INPUT DATA
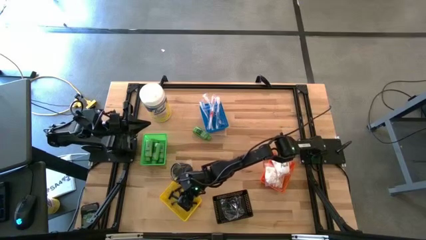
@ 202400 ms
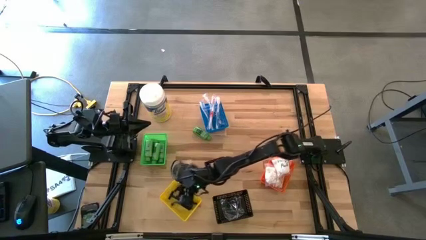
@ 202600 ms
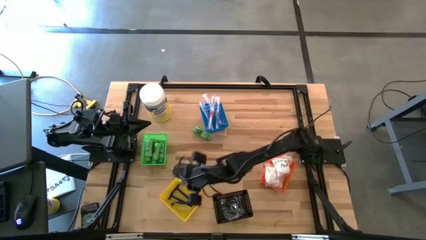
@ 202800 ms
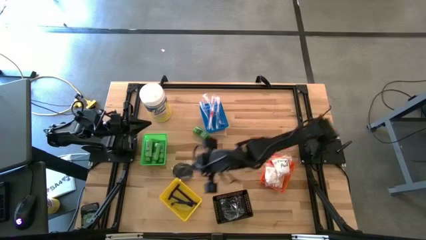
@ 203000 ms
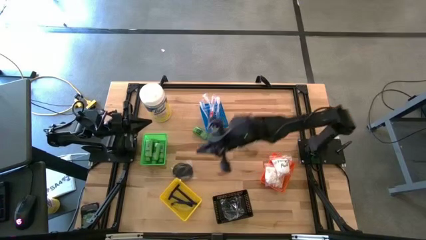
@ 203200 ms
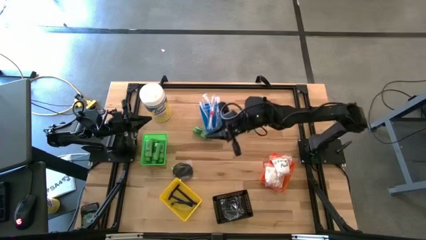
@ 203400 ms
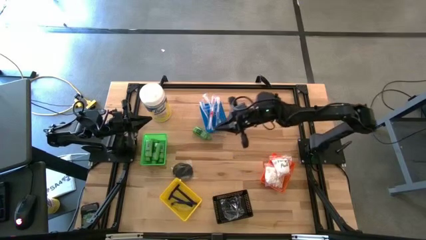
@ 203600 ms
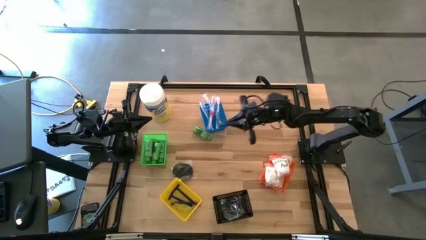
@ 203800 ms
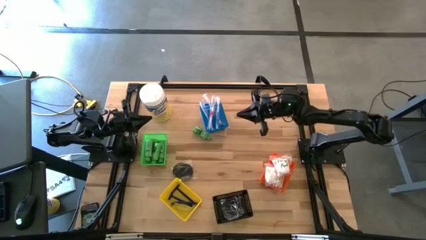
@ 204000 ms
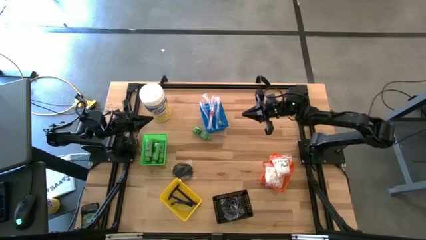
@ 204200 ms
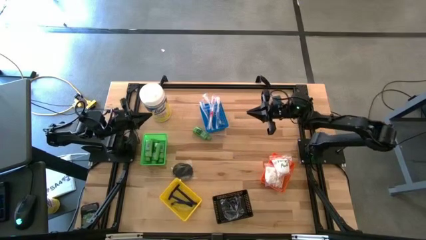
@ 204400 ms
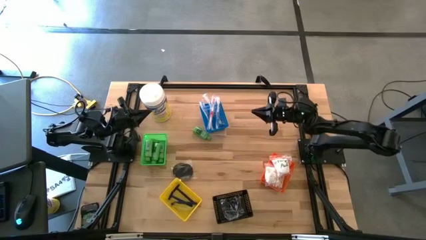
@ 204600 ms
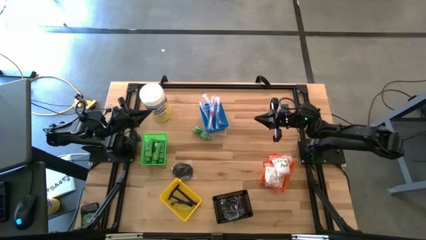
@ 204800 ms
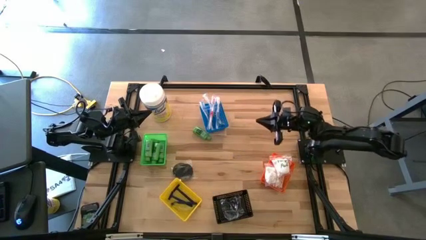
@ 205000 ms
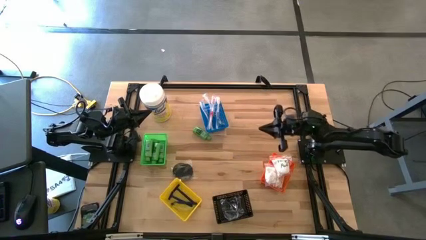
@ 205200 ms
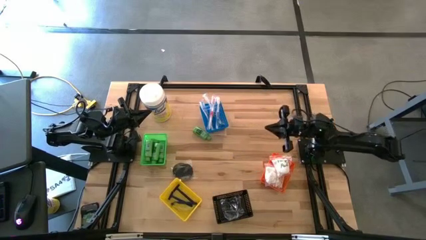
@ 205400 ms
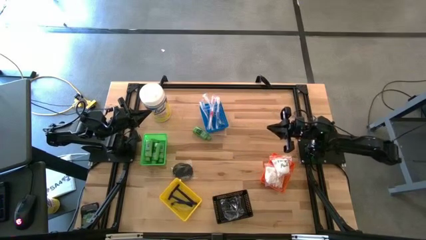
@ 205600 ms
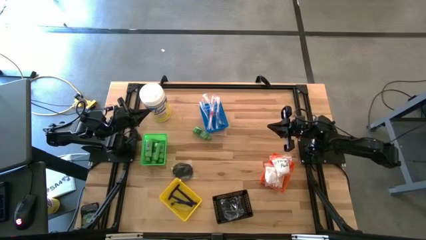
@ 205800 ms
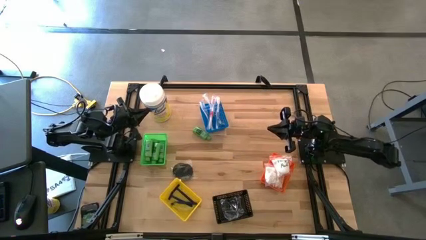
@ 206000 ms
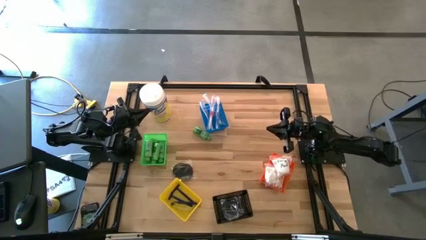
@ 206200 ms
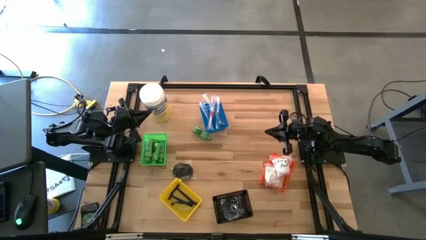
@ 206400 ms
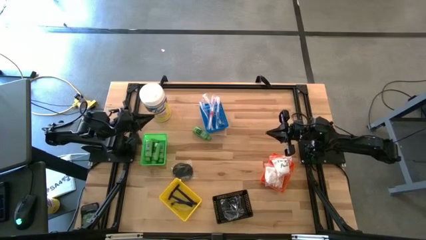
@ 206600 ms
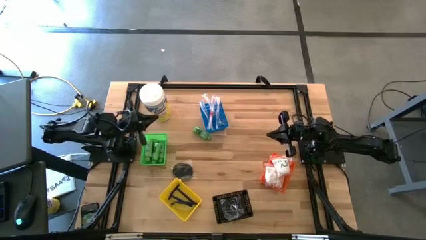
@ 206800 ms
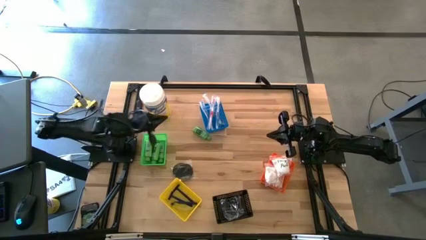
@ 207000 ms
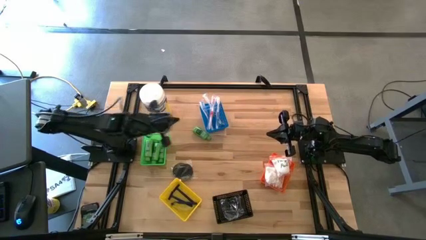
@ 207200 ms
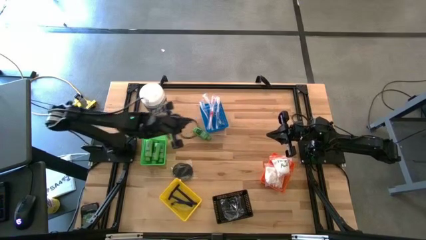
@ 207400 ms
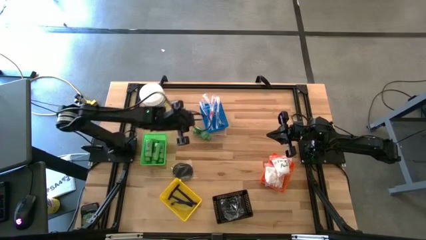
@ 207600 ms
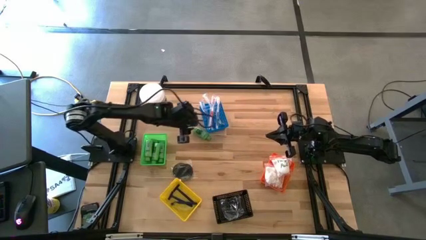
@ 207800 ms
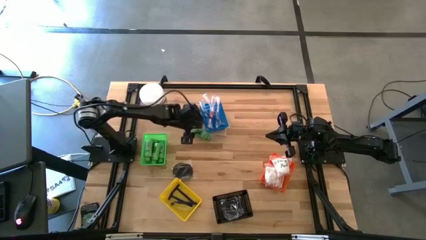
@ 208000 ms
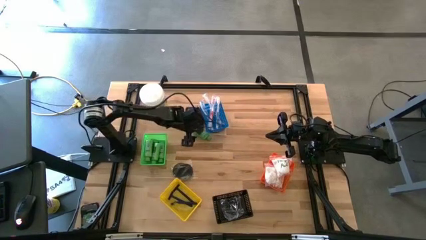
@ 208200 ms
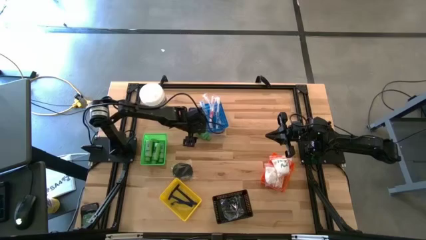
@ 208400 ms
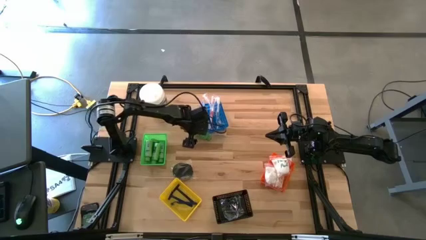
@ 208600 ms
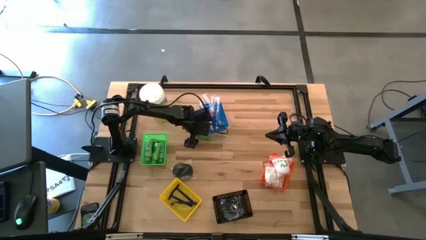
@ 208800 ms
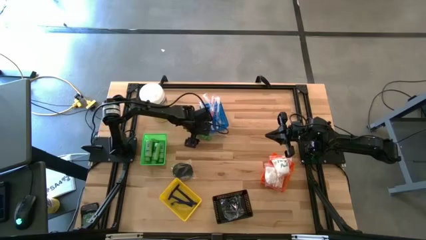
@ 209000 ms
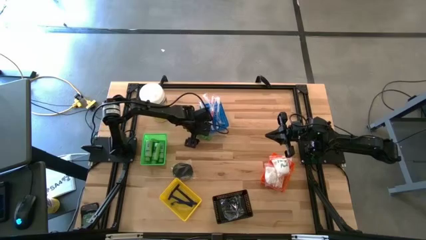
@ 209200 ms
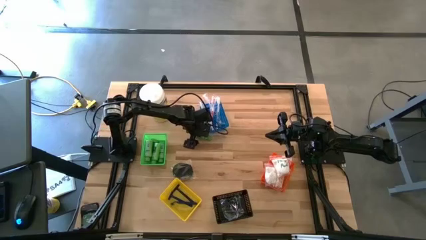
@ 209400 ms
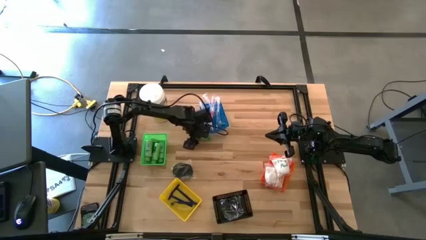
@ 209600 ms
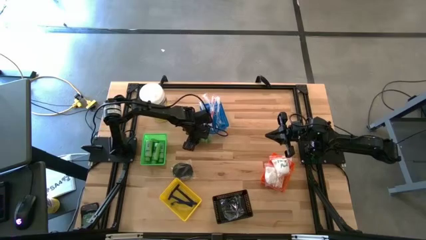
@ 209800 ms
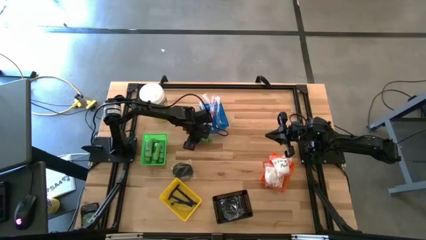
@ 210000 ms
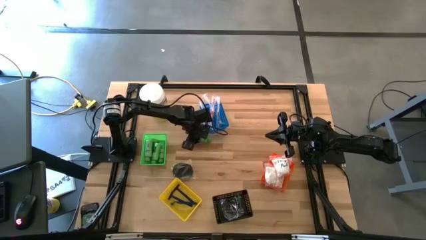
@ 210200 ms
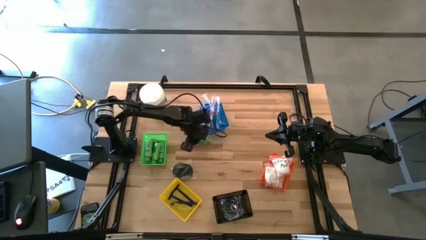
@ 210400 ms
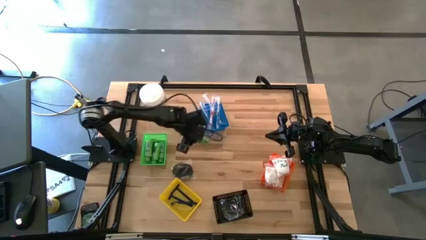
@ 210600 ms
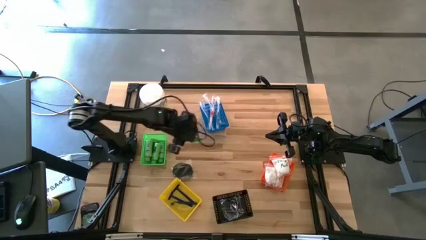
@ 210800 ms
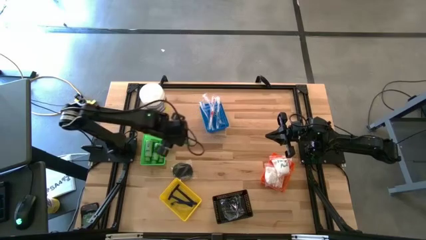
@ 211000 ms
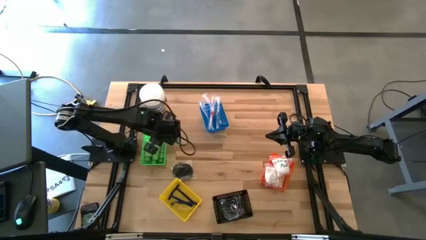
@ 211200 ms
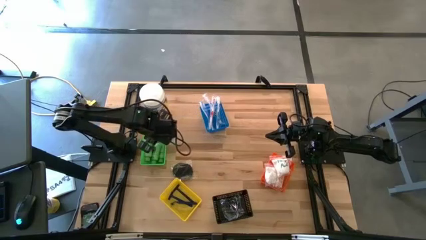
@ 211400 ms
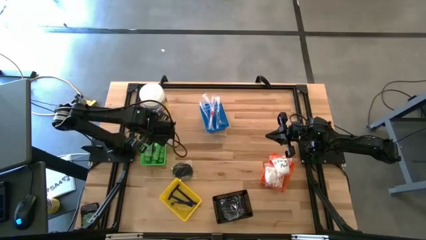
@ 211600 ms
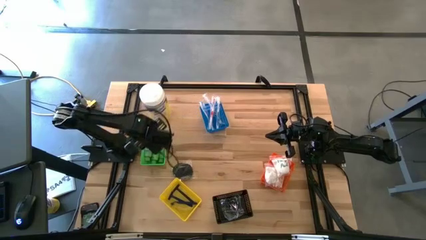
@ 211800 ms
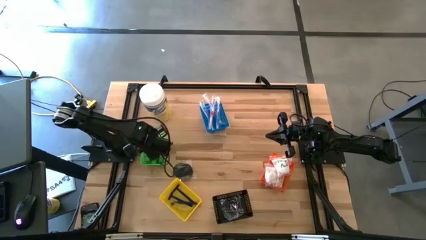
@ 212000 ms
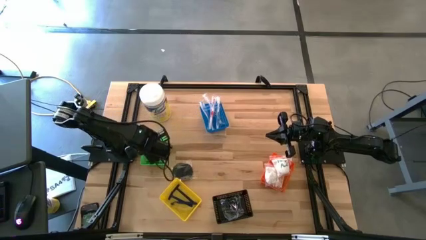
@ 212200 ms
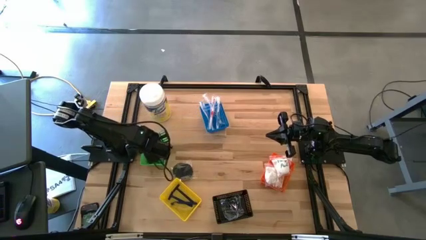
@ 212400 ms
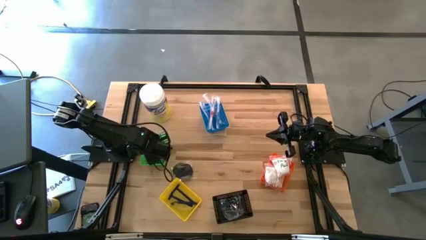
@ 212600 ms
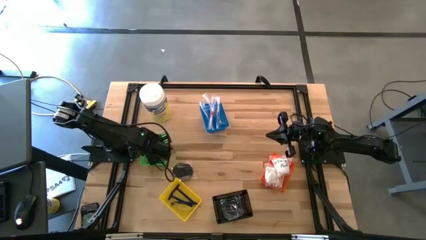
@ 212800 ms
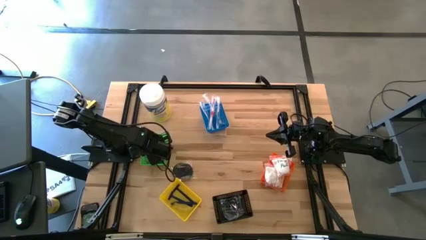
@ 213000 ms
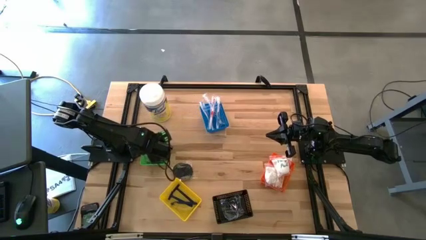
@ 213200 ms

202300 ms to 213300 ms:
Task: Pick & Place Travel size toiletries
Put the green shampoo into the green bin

TASK
Reproduce each entry precisely, dropping only the pictures.

WRITTEN SOLUTION
@ 202400 ms
@ 202600 ms
@ 202800 ms
@ 203000 ms
@ 203200 ms
@ 203400 ms
@ 203600 ms
@ 203800 ms
@ 204000 ms
@ 204200 ms
@ 204400 ms
@ 204600 ms
@ 204800 ms
@ 205000 ms
@ 205200 ms
@ 205400 ms
@ 205600 ms
@ 205800 ms
@ 206000 ms
@ 206200 ms
@ 206400 ms
@ 206600 ms
@ 206800 ms
@ 207000 ms
@ 207200 ms
@ 207400 ms
@ 207600 ms
@ 207800 ms
@ 208000 ms
@ 208200 ms
@ 208400 ms
@ 208600 ms
@ 208800 ms
@ 209000 ms
@ 209200 ms
@ 209400 ms
@ 209600 ms
@ 209800 ms
@ 210000 ms
@ 210200 ms
@ 210400 ms
@ 210600 ms
@ 210800 ms
@ 211000 ms
@ 211200 ms
@ 211400 ms
@ 211600 ms
@ 211800 ms
@ 212000 ms
@ 212200 ms
@ 212400 ms
@ 212600 ms
@ 212800 ms
@ 213000 ms
@ 213200 ms

202300 ms to 213300 ms:
Task: Pick & Place Travel size toiletries
Put the green shampoo into the green bin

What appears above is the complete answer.